Forwarders & Firewall Ports

T

Tony Walecka

We are setting up Win2k DNS servers hidden behind the
firewall for our internal network. They will resolve
addresses for all of our internal clients AD & DNS.

The questions are:

If we don't open port 53 for the internal DNS servers so
they can query external DNS servers for external
addresses themselves (something we don't think we want to
do) will we have to use forwarders?

What tcp/udp ports will the forward queries use so we can
make sure the firewall is configured properly if we use
forwarders?

If forwarders are used will the internal DNS servers
update their cache to include frequently visited
addresses or will forwarders be used over and over for
any addresses not in the internal ZONE?

Thanks
 
W

William Stacey

upd and tcp port 53. Allow the internal dns server to query dest port 53
for your ISPs DNS server(s). Also allow the reply (this is usually allowed
by the statefulness of the router.) Will you also have public zones for
external folks to query?
 
T

Tony Walecka

Yes, we have external zones for the public folks, but our
issue is internal resolution.

Do you mean we need udp/tcp 53 for the forwarder scenario?
If we open up port 53 why wouldn't we just let the DNS
servers themselves (we don't have bandwidth problems)

Basically, our quandry is -- performance wise -- we would
rather let the DNS servers make the queries and update
their cache rather than use forwarders. However, we
aren't sure of the security rammifications. Obviously we
don't want anybody from the 'outside' seeing our internal
DNS info, but if we open udp/tcp 53 for 'outbound'
queries are we creatinng a security problem given that the
DNS server are inside our 'trusted' network?
 
A

Ace Fekay [MVP]

Forwarding is a performance gain, not a drain, since the outside server is
doing all the work and just supplying the answer.

You'll still have to allow the response back in. I've found also that for MS
DNS, you'll unfortunately also need to allow 1024 - 65534 back in to it for
the emphereal response port.
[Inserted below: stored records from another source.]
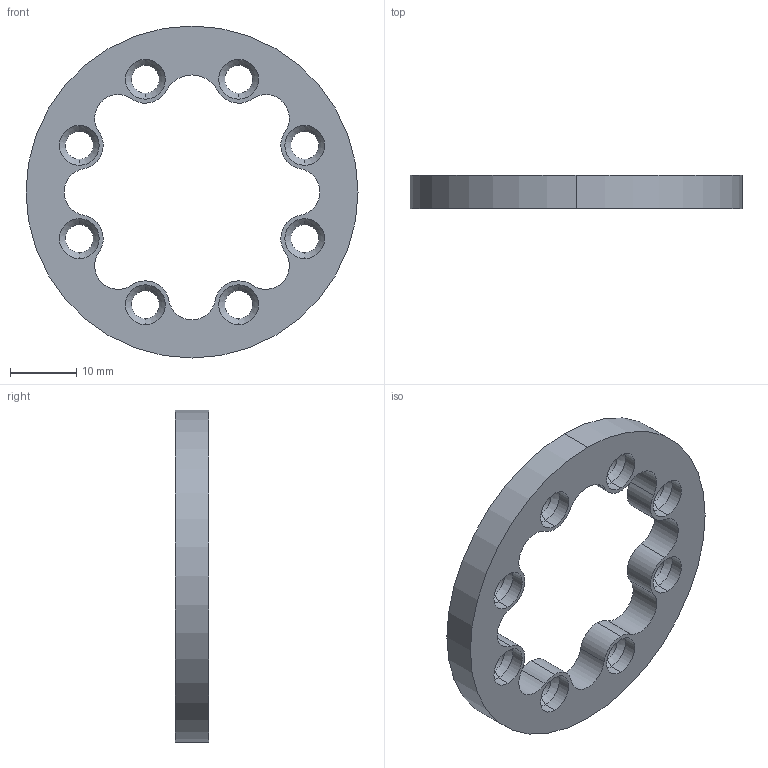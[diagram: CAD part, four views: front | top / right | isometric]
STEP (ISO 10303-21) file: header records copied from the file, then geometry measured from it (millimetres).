
FILE_DESCRIPTION (( 'STEP AP214' ), '1' );
FILE_NAME ('SRAM 8-Bolt Interface.STEP', '2025-08-20T05:44:58', ( '' ), ( '' ), 'SwSTEP 2.0', 'SolidWorks 2025', '' );
FILE_SCHEMA (( 'AUTOMOTIVE_DESIGN' ));
Length unit declared in the file: millimetre
Products named in the file (1): SRAM 8-Bolt Interface
Bounding box: 50 x 5 x 50 mm (x, y, z)
Volume: 4429.4 mm3; surface area: 3911 mm2
Topology: 1 solids, 1 shells, 73 faces, 181 edges, 110 vertices
Faces by surface type: cylinder 55, cone 16, plane 2
Entity records: 2248 total; most frequent: DIRECTION 439, CARTESIAN_POINT 365, ORIENTED_EDGE 362, AXIS2_PLACEMENT_3D 184, EDGE_CURVE 181, VERTEX_POINT 110, CIRCLE 110, EDGE_LOOP 91
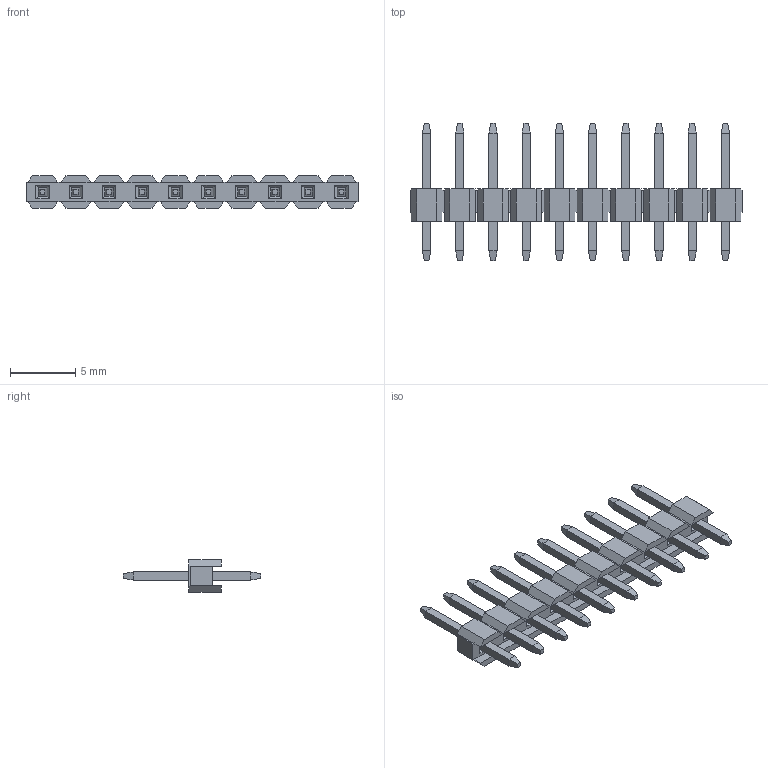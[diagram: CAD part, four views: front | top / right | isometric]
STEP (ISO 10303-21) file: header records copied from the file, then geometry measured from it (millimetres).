
FILE_DESCRIPTION( ('This file contains a STEP AP42 implementation' ,'as created by ZW3D STEP Interface translator.') ,'2;1' );
FILE_NAME( '1125-11XXXXSXXXXXXX.stp' ,'23 329.104514', (''), ('ZWCAD Software Co.'), 'Version 1.0', 'ZW3D to STEP translator', '' );
FILE_SCHEMA(('AUTOMOTIVE_DESIGN { 1 0 10303 214 1 1 1 1 }'));
Length unit declared in the file: millimetre
Products named in the file (2): 0; 1125-1120XXS105XXXX
Bounding box: 25.4 x 10.5 x 2.5 mm (x, y, z)
Volume: 148.5 mm3; surface area: 601.8 mm2
Topology: 11 solids, 11 shells, 426 faces, 1012 edges, 608 vertices
Faces by surface type: plane 426
Entity records: 12239 total; most frequent: CARTESIAN_POINT 2047, ORIENTED_EDGE 2024, DIRECTION 1866, VECTOR 1012, LINE 1012, EDGE_CURVE 1012, VERTEX_POINT 608, EDGE_LOOP 446
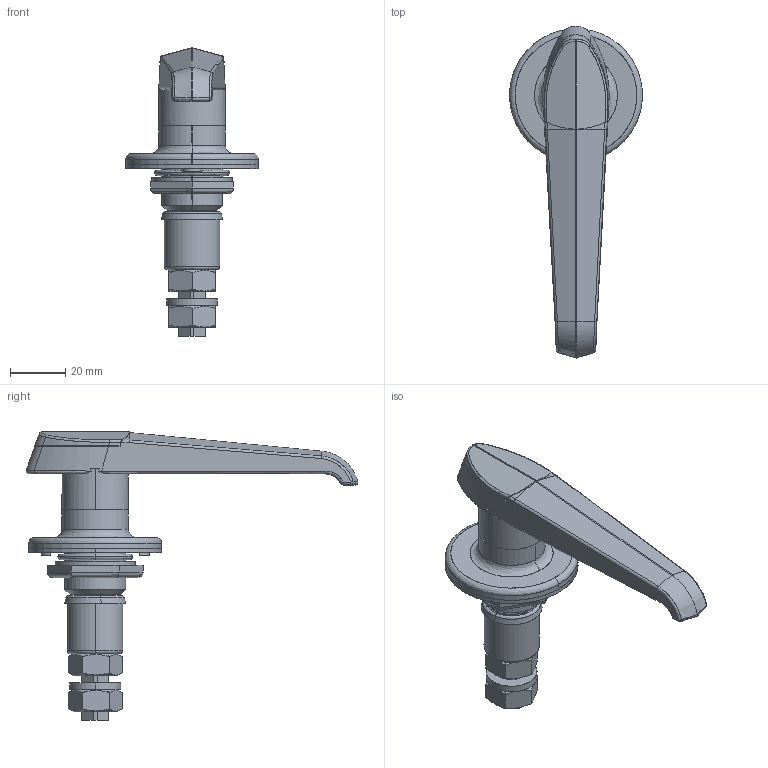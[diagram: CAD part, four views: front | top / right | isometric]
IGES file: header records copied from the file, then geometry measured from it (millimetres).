
Start section: SolidWorks IGES file using analytic representation for surfaces
Global section: file name: A-140-S-2.IGS,15; native system: HSolidWorks 2007; preprocessor: SolidWorks 2007; author: 10sw; date: 101206.151058; units: millimetre
Bounding box: 48 x 120.03 x 104.2 mm (x, y, z)
Surface area: 33478.5 mm2 (no closed solid volume)
Topology: 0 solids, 0 shells, 255 faces, 3876 edges, 3871 vertices
Faces by surface type: bspline 149, revolution 106
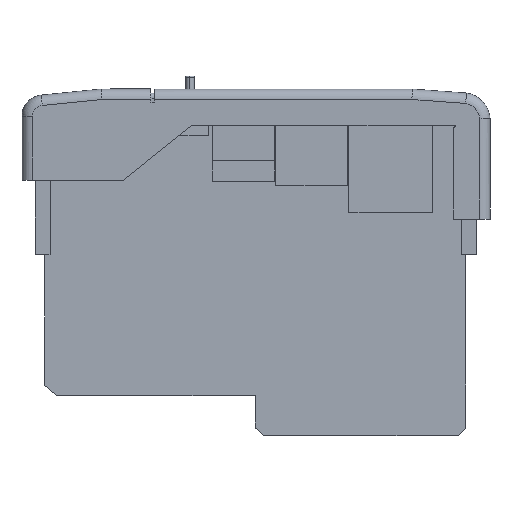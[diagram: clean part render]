
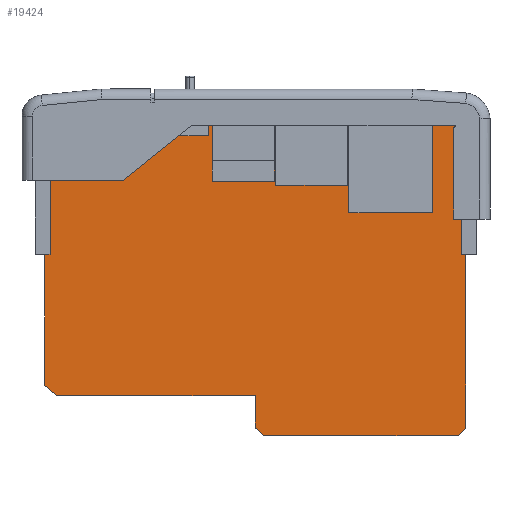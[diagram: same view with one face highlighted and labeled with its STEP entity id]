
A CAD part, left-side view. The second image highlights one B-rep face of the part: STEP entity #19424.
In plain terms, the highlighted planar face has unit normal (-1, 0, 0).
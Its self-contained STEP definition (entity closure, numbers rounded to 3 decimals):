
#677 = ORIENTED_EDGE ( 'NONE', *, *, #2976, .F. ) ;
#725 = DIRECTION ( 'NONE',  ( 0., 0., 1. ) ) ;
#757 = LINE ( 'NONE', #8879, #9468 ) ;
#1043 = EDGE_CURVE ( 'NONE', #19353, #9142, #1292, .T. ) ;
#1292 = LINE ( 'NONE', #13779, #9482 ) ;
#1317 = EDGE_CURVE ( 'NONE', #11125, #19075, #757, .T. ) ;
#2690 = CARTESIAN_POINT ( 'NONE',  ( 24.783, 30.486, 3.423 ) ) ;
#2752 = CARTESIAN_POINT ( 'NONE',  ( 24.783, 4.633, -60.077 ) ) ;
#2976 = EDGE_CURVE ( 'NONE', #15150, #19428, #5091, .T. ) ;
#3129 = EDGE_LOOP ( 'NONE', ( #18192, #16377, #5040, #5418, #9821, #677, #4204, #10396, #7452, #19238, #13813 ) ) ;
#3179 = DIRECTION ( 'NONE',  ( 0., 0.757, 0.653 ) ) ;
#3371 = EDGE_CURVE ( 'NONE', #8725, #15150, #14859, .T. ) ;
#3475 = VECTOR ( 'NONE', #16914, 1000. ) ;
#3686 = DIRECTION ( 'NONE',  ( 0., 0.703, -0.711 ) ) ;
#4204 = ORIENTED_EDGE ( 'NONE', *, *, #3371, .F. ) ;
#4420 = VECTOR ( 'NONE', #3179, 1000. ) ;
#4582 = CARTESIAN_POINT ( 'NONE',  ( 24.783, -34.384, -61.577 ) ) ;
#4762 = EDGE_CURVE ( 'NONE', #9622, #19353, #12449, .T. ) ;
#4931 = LINE ( 'NONE', #8018, #4420 ) ;
#5040 = ORIENTED_EDGE ( 'NONE', *, *, #1043, .F. ) ;
#5091 = LINE ( 'NONE', #10216, #13327 ) ;
#5214 = DIRECTION ( 'NONE',  ( 0., 0., -1. ) ) ;
#5377 = DIRECTION ( 'NONE',  ( 0., -0.996, 0.085 ) ) ;
#5418 = ORIENTED_EDGE ( 'NONE', *, *, #4762, .F. ) ;
#5509 = VECTOR ( 'NONE', #11576, 1000. ) ;
#6004 = CARTESIAN_POINT ( 'NONE',  ( 24.783, 2.766, -61.577 ) ) ;
#6021 = LINE ( 'NONE', #16267, #5509 ) ;
#6102 = LINE ( 'NONE', #6209, #18708 ) ;
#6107 = EDGE_CURVE ( 'NONE', #19075, #18874, #20086, .T. ) ;
#6209 = CARTESIAN_POINT ( 'NONE',  ( 24.783, -17.159, 3.423 ) ) ;
#6210 = DIRECTION ( 'NONE',  ( -1., 0., 0. ) ) ;
#6719 = CARTESIAN_POINT ( 'NONE',  ( 24.783, 2.766, -61.577 ) ) ;
#7008 = CARTESIAN_POINT ( 'NONE',  ( 24.783, 45.133, 2.173 ) ) ;
#7452 = ORIENTED_EDGE ( 'NONE', *, *, #13731, .F. ) ;
#8018 = CARTESIAN_POINT ( 'NONE',  ( 24.783, 45.133, -51.827 ) ) ;
#8318 = DIRECTION ( 'NONE',  ( 0., 0.78, 0.626 ) ) ;
#8444 = CARTESIAN_POINT ( 'NONE',  ( 24.783, 45.133, 2.173 ) ) ;
#8725 = VERTEX_POINT ( 'NONE', #13782 ) ;
#8879 = CARTESIAN_POINT ( 'NONE',  ( 24.783, 45.133, 2.173 ) ) ;
#9142 = VERTEX_POINT ( 'NONE', #20157 ) ;
#9468 = VECTOR ( 'NONE', #725, 1000. ) ;
#9482 = VECTOR ( 'NONE', #15440, 1000. ) ;
#9622 = VERTEX_POINT ( 'NONE', #6719 ) ;
#9821 = ORIENTED_EDGE ( 'NONE', *, *, #9939, .F. ) ;
#9939 = EDGE_CURVE ( 'NONE', #19428, #9622, #16541, .T. ) ;
#9995 = CARTESIAN_POINT ( 'NONE',  ( 24.783, -35.867, -60.077 ) ) ;
#10087 = CARTESIAN_POINT ( 'NONE',  ( 24.783, -35.867, -60.077 ) ) ;
#10216 = CARTESIAN_POINT ( 'NONE',  ( 24.783, -34.384, -61.577 ) ) ;
#10396 = ORIENTED_EDGE ( 'NONE', *, *, #12938, .F. ) ;
#10788 = AXIS2_PLACEMENT_3D ( 'NONE', #16091, #6210, #17731 ) ;
#10812 = VECTOR ( 'NONE', #5377, 1000. ) ;
#11125 = VERTEX_POINT ( 'NONE', #13419 ) ;
#11576 = DIRECTION ( 'NONE',  ( 0., -1., 0. ) ) ;
#12449 = LINE ( 'NONE', #19839, #16807 ) ;
#12812 = CARTESIAN_POINT ( 'NONE',  ( 24.783, 42.816, -53.827 ) ) ;
#12938 = EDGE_CURVE ( 'NONE', #17884, #8725, #6102, .T. ) ;
#13327 = VECTOR ( 'NONE', #3686, 1000. ) ;
#13419 = CARTESIAN_POINT ( 'NONE',  ( 24.783, 45.133, -51.827 ) ) ;
#13731 = EDGE_CURVE ( 'NONE', #18874, #17884, #6021, .T. ) ;
#13779 = CARTESIAN_POINT ( 'NONE',  ( 24.783, 4.633, -53.827 ) ) ;
#13782 = CARTESIAN_POINT ( 'NONE',  ( 24.783, -35.867, 2.173 ) ) ;
#13813 = ORIENTED_EDGE ( 'NONE', *, *, #1317, .F. ) ;
#14537 = EDGE_CURVE ( 'NONE', #19978, #11125, #4931, .T. ) ;
#14859 = LINE ( 'NONE', #10087, #18700 ) ;
#15150 = VERTEX_POINT ( 'NONE', #9995 ) ;
#15440 = DIRECTION ( 'NONE',  ( 0., 0., 1. ) ) ;
#15944 = DIRECTION ( 'NONE',  ( 0., 1., 0. ) ) ;
#16079 = LINE ( 'NONE', #20321, #3475 ) ;
#16091 = CARTESIAN_POINT ( 'NONE',  ( 24.783, -2.964, -93.346 ) ) ;
#16267 = CARTESIAN_POINT ( 'NONE',  ( 24.783, 30.486, 3.423 ) ) ;
#16377 = ORIENTED_EDGE ( 'NONE', *, *, #17172, .F. ) ;
#16541 = LINE ( 'NONE', #6004, #20432 ) ;
#16632 = CARTESIAN_POINT ( 'NONE',  ( 24.783, -17.159, 3.423 ) ) ;
#16807 = VECTOR ( 'NONE', #8318, 1000. ) ;
#16914 = DIRECTION ( 'NONE',  ( 0., 1., 0. ) ) ;
#17172 = EDGE_CURVE ( 'NONE', #9142, #19978, #16079, .T. ) ;
#17666 = PLANE ( 'NONE',  #10788 ) ;
#17730 = DIRECTION ( 'NONE',  ( 0., -0.998, -0.067 ) ) ;
#17731 = DIRECTION ( 'NONE',  ( 0., 0., 1. ) ) ;
#17884 = VERTEX_POINT ( 'NONE', #16632 ) ;
#18192 = ORIENTED_EDGE ( 'NONE', *, *, #14537, .F. ) ;
#18700 = VECTOR ( 'NONE', #5214, 1000. ) ;
#18708 = VECTOR ( 'NONE', #17730, 1000. ) ;
#18874 = VERTEX_POINT ( 'NONE', #2690 ) ;
#19075 = VERTEX_POINT ( 'NONE', #8444 ) ;
#19238 = ORIENTED_EDGE ( 'NONE', *, *, #6107, .F. ) ;
#19353 = VERTEX_POINT ( 'NONE', #2752 ) ;
#19424 = ADVANCED_FACE ( 'NONE', ( #20373 ), #17666, .T. ) ;
#19428 = VERTEX_POINT ( 'NONE', #4582 ) ;
#19839 = CARTESIAN_POINT ( 'NONE',  ( 24.783, 4.633, -60.077 ) ) ;
#19978 = VERTEX_POINT ( 'NONE', #12812 ) ;
#20086 = LINE ( 'NONE', #7008, #10812 ) ;
#20157 = CARTESIAN_POINT ( 'NONE',  ( 24.783, 4.633, -53.827 ) ) ;
#20321 = CARTESIAN_POINT ( 'NONE',  ( 24.783, 42.816, -53.827 ) ) ;
#20373 = FACE_OUTER_BOUND ( 'NONE', #3129, .T. ) ;
#20432 = VECTOR ( 'NONE', #15944, 1000. ) ;

It's just the way MS DNS works.

--
Regards,
Ace

Please direct all replies to the newsgroup so all can benefit.

Ace Fekay, MCSE 2000, MCSE+I, MCSA, MCT, MVP
Microsoft Windows MVP - Active Directory
 
W

William Stacey

The difference is, if you use root-hints you have to allow outbound (and
reply) to any IP could you don't know upfront what they will be. If you use
forwarding to your DMZ server or your ISP, then you only have to open a rule
for one or two IPs and ports (i.e. the ISP Forwarders.)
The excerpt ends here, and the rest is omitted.